Hanophy didn’t buy their arguments and punished them with the maximum sentence. Quoting Confucius, the judge said Borukhova dug two graves when she set out to kill her estranged husband on Oct. 28, 2007.

“Your husband sits in his natural grave and you’re about to enter your eight by eight internment where you’ll spend the rest of your natural life,” he said.

Borukhova paid her relative nearly $20,000 for the kill, thinking she could regain her daughter, according to prosecutors, however the pair made several mistakes that led to their convictions.
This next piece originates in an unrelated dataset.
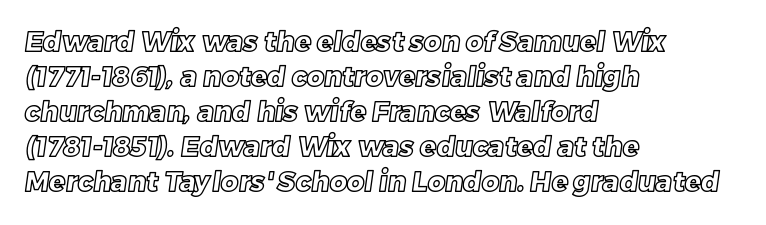
The ragged edge is on the right, which tells us the setting is flush left. Caption: standard tracking, unaltered. Each row of text sits above clean, open space. The passage shown stacks its lines at a standard gap.

Mallayev was arrested three weeks after the shooting after his fingerprints were matched to fingerprints found on a makeshift silencer left at the playground, located at 64th Road and Yellowstone Boulevard. The suburban Atlanta resident repeatedly told investigators that he was not in Queens during the time of the shooting but changed his story when they told him that cell phone records placed him within the vicinity of the crime scene.
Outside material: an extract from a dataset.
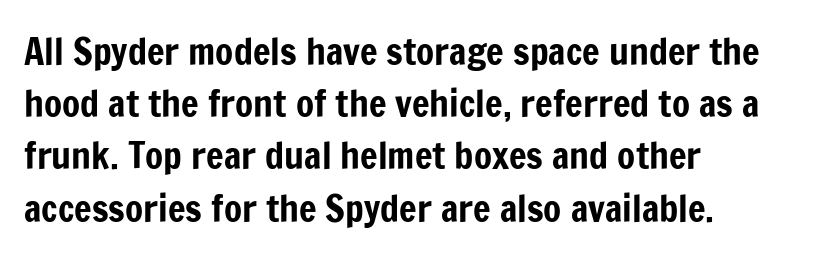
Students, observe: this is what conventionally led text looks like. Students, note that the glyphs here touch the page at normal intervals. The rendering uses natural spacing where letterforms have individual widths. I'd call this a sans setting — the letters go barefoot. You can tell it's not italic because the verticals are truly vertical.
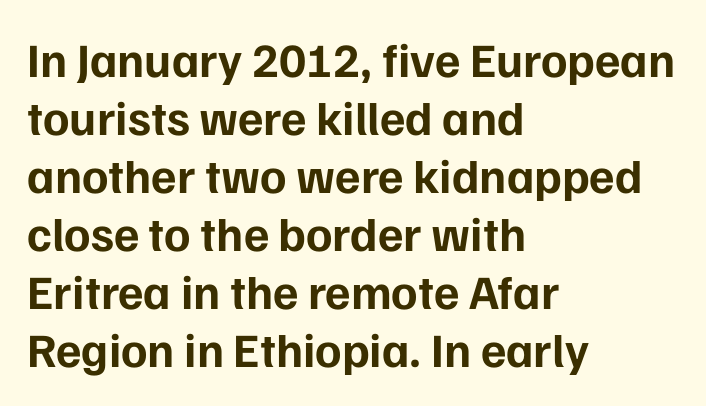
{"serif": "no", "italic": "no", "bold": "yes", "weight": "bold", "width": "normal", "stroke_contrast": "low", "x_height": "medium", "monospaced": "no", "underline": "no", "align": "left", "line_spacing_ratio": 1.21, "letter_spacing": "normal", "letter_spacing_em": 0.0, "glyph_px": 48}

An eyewitness also identified Mallayev as the gunman in a police lineup and during the seven−week trial.

In February 2008, Borukhova was arrested by police after they discovered she and Mallayev had 65 phone conversations in the days leading up to the murder but only two following it. The internist told police and testified under oath that she did not hear the gunshots despite being ten feet away from her husband when he was shot.

Eyewitnesses from as far as two blocks away have said they heard the shots. A jury took less than seven hours to convict the pair last month.

Gavriel Malakov, the orthodontist’s younger brother, had a less vindictive tone than his father when he made his impact statement to the judge. The sibling, who has foster custody of Michelle, said life in prison was strong enough of a punishment for him.

“We firmly stand for justice,” he said.

Borukhova’s family members left the courthouse in silence. Mallayev’s son−in−law cursed at the judge’s decision when he exited the court with the murderer’s kin.

Outside the court, Gavriel told reporters that he has a great responsibility making sure the girl grows up to be a happy and loved child. Although he said he has not told her the fate her mother, he said knows that the truth will eventually have to come out.

“I know as Michelle grows up, she’ll ask a lot of questions,” he said of the murder. “I’ll somehow have to answer those questions.”